- _ASSIGNMENT_: All lines from the one that contains "0 ms to 1900" through the close of the entries below are to be repeated exactly, without any pictures.

(Data extracted from a collection)
╭──

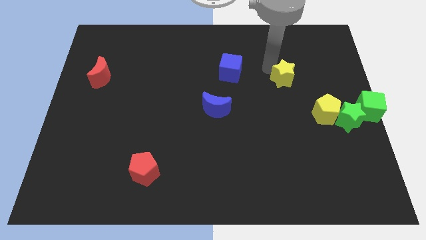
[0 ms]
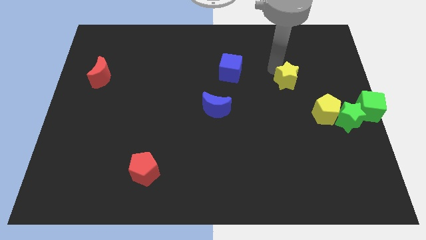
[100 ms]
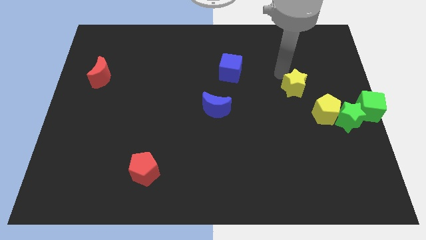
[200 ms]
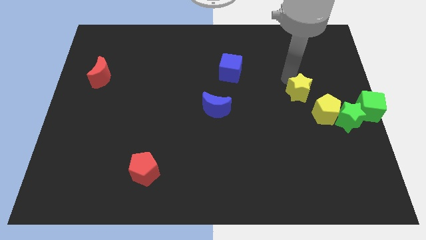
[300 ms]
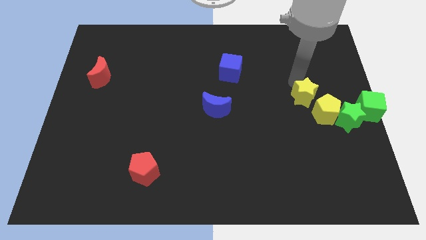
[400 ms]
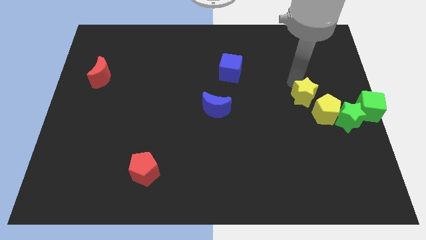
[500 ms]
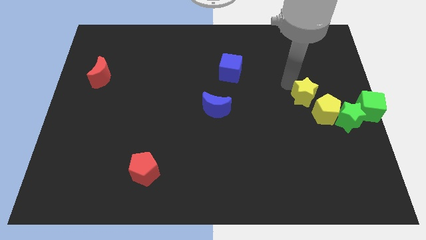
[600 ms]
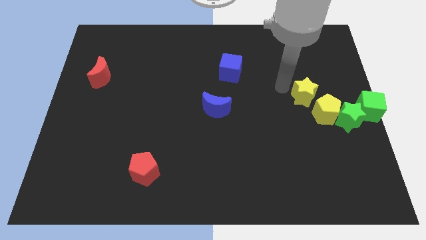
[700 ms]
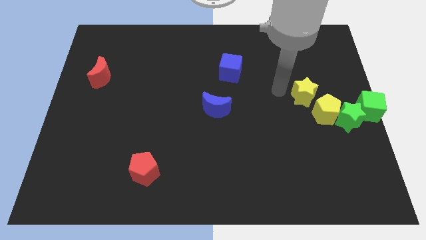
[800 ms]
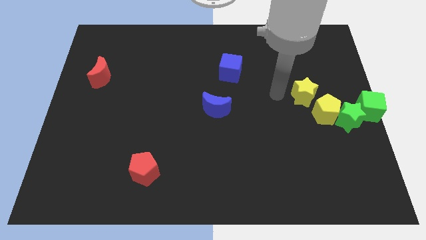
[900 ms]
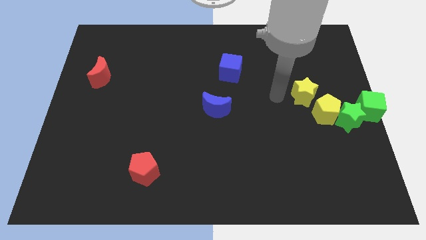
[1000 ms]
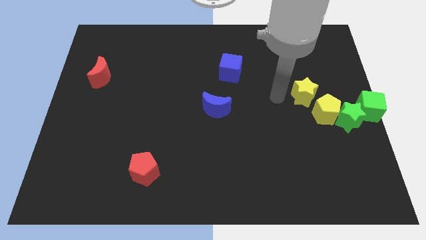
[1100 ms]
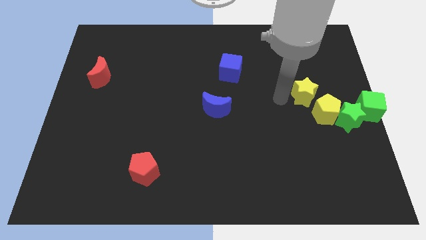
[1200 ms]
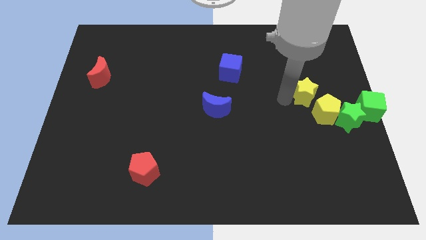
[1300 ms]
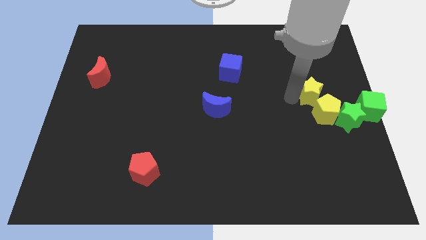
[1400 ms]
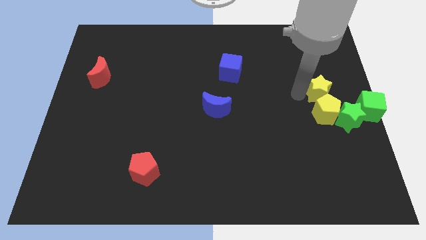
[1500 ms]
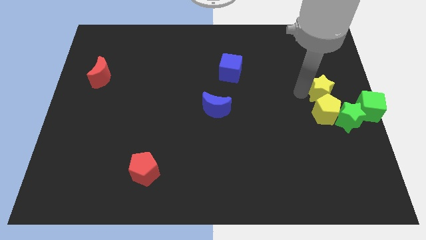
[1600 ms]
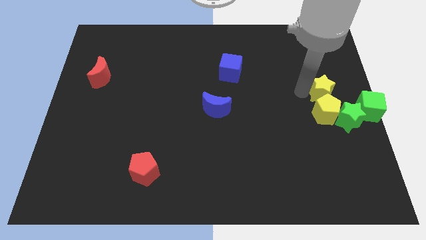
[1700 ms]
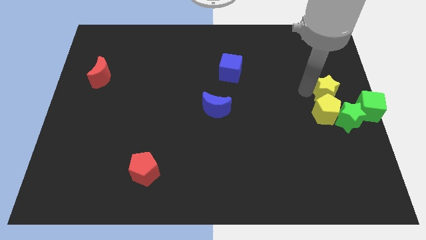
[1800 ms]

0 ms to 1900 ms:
slide the yellow star to the top side of the yellow pentagon

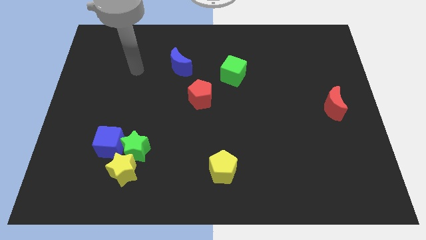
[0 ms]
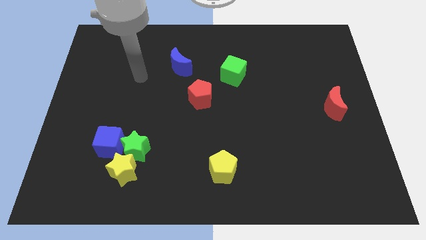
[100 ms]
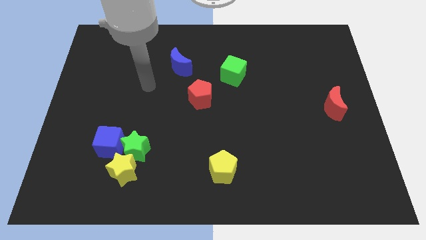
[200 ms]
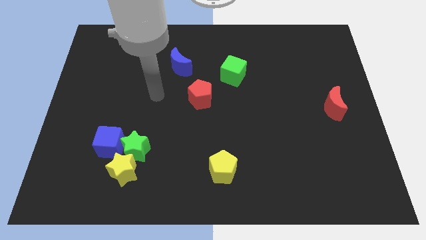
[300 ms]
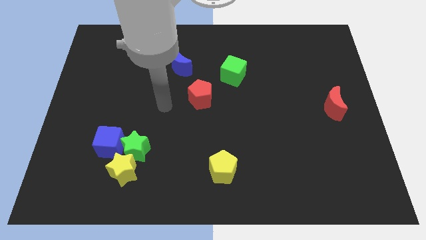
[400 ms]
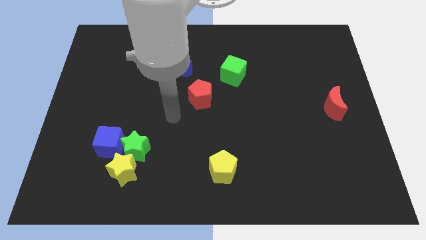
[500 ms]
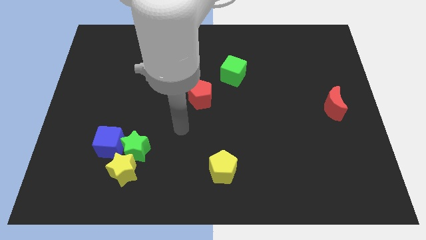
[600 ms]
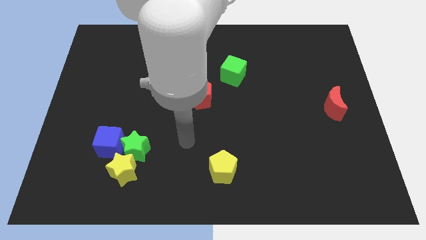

╰──

- _SOLUTION BELOW_:
0 ms to 1900 ms:
slide the yellow star to the top side of the yellow pentagon

[0 ms]
[100 ms]
[200 ms]
[300 ms]
[400 ms]
[500 ms]
[600 ms]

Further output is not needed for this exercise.